Automation
What should a small business automate first?
A practical way to find repetitive work worth fixing—without starting with software.
6 min read
The best first automation is rarely the flashiest one. It is usually a frequent, predictable task that consumes attention, creates avoidable errors or delays the customer journey.
Start with friction, not tools
List the moments your team regularly complains about, works around or has to remember. Look for copying between systems, repeated status updates, manual reminders and information that gets re-keyed.
A useful problem can be explained without naming any software: ‘Every website enquiry needs to be copied into a spreadsheet and someone must remember to reply.’ That clarity keeps the solution focused.
Score the opportunity
A simple score prevents a loud but rare annoyance from outranking a quiet task that wastes hours every week.

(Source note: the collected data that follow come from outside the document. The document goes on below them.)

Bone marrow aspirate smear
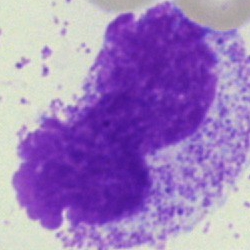Q: What is shown here?
A: Artifact.
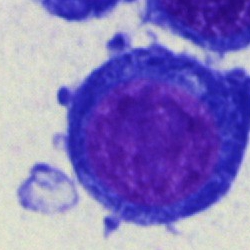 A normoblast on a bone marrow smear.
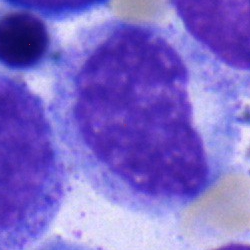Bone marrow smear showing a metamyelocyte.
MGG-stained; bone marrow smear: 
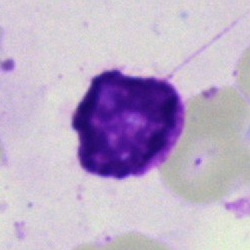Morphology → artefact.
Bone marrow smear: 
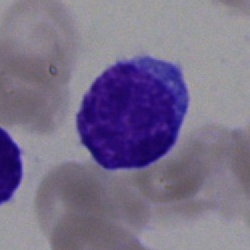
Cell type: lymphocyte.
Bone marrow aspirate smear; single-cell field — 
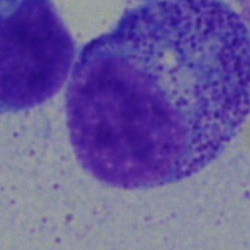
Specimen: bone marrow smear.
Morphological class: myelocyte.
Lineage: myeloid.
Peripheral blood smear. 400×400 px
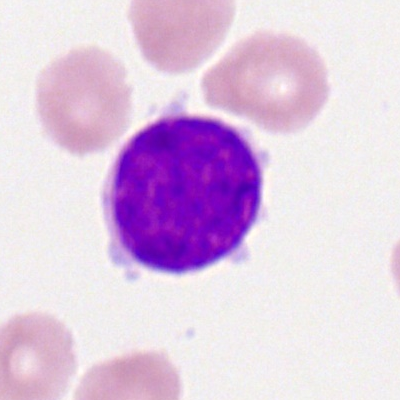Single cell identified as a lymphocyte.
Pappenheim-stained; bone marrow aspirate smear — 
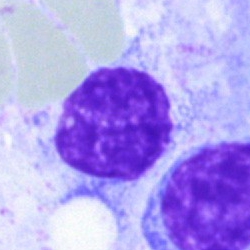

- Frequency: how often does it happen?
- Effort: how much time does each occurrence take?
- Risk: what happens when it is missed or done incorrectly?
- Predictability: can the rules be described clearly?
- Value: will fixing it improve speed, service or visibility?
Choose a safe first win
Good early automations are reversible and easy to monitor. Capturing an enquiry, creating a task and notifying an owner is safer than allowing a new system to make an irreversible commercial decision.
Keep a human review step where judgement matters. Automation should remove mechanical work, not hide responsibility.
Measure before expanding
Record the current time, delay or error rate before changing anything. After launch, check whether the workflow really saved effort and whether exceptions are handled well. Expand only when the first flow is stable and understood.